WORKING DATA
⟨

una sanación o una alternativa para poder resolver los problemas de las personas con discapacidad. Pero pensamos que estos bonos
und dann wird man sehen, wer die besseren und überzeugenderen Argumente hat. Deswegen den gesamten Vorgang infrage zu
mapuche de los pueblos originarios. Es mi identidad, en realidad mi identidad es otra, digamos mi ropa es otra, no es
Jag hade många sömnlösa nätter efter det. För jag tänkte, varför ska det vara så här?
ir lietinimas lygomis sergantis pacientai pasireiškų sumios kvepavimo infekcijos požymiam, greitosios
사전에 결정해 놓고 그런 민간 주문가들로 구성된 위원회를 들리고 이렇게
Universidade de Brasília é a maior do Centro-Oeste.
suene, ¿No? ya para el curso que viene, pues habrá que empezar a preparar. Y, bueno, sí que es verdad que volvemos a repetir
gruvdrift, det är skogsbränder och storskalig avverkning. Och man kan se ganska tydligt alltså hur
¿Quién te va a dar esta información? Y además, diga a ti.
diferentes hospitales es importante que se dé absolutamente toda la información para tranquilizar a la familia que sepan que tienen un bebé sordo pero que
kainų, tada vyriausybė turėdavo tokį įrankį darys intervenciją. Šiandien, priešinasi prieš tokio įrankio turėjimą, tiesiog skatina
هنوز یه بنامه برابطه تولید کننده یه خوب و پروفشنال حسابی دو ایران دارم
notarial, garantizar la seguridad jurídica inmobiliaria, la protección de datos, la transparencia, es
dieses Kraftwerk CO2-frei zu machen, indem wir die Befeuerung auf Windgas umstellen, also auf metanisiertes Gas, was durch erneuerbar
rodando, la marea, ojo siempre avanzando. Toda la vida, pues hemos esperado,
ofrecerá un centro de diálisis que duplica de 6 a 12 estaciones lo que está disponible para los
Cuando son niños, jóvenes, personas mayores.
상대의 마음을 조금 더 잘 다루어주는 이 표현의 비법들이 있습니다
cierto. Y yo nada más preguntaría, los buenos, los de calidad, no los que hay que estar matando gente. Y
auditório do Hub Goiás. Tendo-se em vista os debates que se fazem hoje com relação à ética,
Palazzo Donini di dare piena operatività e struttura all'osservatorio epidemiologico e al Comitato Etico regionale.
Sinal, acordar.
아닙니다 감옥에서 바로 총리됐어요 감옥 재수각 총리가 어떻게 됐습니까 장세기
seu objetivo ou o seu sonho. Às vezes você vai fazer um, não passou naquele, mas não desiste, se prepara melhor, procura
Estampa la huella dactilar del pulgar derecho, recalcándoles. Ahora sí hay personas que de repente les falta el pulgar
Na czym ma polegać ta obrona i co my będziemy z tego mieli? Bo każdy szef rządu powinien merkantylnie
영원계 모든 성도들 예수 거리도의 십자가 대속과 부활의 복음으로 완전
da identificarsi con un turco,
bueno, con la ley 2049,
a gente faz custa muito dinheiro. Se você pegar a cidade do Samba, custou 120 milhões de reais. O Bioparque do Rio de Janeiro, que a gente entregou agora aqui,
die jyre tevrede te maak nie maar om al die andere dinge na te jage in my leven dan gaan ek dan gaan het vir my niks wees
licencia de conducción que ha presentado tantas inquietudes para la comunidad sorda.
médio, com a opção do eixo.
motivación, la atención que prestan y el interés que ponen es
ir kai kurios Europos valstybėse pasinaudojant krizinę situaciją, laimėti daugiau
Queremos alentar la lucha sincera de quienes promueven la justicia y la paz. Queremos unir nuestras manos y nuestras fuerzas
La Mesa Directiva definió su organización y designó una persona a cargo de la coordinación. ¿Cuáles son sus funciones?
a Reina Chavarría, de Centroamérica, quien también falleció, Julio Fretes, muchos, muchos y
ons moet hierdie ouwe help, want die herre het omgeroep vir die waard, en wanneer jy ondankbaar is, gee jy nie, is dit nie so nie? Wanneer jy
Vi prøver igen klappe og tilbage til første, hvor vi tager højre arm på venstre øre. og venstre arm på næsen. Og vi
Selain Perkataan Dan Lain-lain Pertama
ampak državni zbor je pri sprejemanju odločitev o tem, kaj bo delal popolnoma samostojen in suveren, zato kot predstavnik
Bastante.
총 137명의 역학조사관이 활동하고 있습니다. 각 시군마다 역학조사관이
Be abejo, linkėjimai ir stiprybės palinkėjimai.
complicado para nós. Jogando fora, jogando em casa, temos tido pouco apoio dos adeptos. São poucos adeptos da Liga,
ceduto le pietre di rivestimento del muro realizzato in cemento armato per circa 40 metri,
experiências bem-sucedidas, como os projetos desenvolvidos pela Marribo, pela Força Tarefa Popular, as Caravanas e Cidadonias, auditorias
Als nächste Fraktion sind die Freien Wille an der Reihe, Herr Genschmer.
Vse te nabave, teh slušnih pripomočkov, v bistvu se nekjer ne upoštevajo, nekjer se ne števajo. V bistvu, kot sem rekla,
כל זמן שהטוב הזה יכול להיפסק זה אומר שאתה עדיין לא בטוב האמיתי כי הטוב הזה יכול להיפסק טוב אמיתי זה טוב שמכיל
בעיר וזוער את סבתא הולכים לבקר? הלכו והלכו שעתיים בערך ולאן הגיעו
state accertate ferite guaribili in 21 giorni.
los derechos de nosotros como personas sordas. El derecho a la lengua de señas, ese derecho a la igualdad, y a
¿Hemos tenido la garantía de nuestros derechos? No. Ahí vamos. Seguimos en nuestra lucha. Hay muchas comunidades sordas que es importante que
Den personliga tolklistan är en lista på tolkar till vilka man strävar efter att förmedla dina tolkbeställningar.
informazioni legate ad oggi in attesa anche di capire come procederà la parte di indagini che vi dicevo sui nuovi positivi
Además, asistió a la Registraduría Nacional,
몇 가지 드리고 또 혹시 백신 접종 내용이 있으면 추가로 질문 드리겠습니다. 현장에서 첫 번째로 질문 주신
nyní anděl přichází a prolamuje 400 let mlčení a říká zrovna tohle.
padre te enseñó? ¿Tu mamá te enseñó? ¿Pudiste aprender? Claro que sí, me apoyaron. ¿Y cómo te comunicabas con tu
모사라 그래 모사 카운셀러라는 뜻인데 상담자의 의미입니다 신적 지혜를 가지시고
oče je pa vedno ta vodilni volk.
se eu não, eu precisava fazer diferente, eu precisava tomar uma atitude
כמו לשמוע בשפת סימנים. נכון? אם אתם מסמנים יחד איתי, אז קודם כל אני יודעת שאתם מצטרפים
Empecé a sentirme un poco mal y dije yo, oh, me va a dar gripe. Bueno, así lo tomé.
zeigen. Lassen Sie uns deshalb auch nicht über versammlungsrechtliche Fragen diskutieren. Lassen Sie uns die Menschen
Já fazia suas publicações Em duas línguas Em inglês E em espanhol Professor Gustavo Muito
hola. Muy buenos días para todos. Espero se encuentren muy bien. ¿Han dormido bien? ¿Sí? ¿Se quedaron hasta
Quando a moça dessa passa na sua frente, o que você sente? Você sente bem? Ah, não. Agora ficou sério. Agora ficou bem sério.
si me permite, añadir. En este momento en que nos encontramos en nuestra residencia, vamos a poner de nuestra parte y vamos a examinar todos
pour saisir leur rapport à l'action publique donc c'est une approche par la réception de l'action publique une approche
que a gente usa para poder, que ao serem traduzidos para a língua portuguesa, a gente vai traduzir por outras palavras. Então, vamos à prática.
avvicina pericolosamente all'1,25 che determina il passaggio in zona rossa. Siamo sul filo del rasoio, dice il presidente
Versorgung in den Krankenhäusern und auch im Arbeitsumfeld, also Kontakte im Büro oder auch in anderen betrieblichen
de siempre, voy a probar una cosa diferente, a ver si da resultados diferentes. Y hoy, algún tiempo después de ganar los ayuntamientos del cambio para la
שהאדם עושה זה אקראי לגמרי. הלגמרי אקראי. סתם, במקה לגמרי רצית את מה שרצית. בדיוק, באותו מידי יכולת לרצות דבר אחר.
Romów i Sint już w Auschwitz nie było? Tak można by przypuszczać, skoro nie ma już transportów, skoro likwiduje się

⟩

TASK DIRECTIONS
Would you print exactly and only the lines of the material above that run from the line with "Sinal, acordar." through the line with "Estampa la huella", both included?

FINAL ANSWER
Sinal, acordar.
아닙니다 감옥에서 바로 총리됐어요 감옥 재수각 총리가 어떻게 됐습니까 장세기
seu objetivo ou o seu sonho. Às vezes você vai fazer um, não passou naquele, mas não desiste, se prepara melhor, procura
Estampa la huella dactilar del pulgar derecho, recalcándoles. Ahora sí hay personas que de repente les falta el pulgar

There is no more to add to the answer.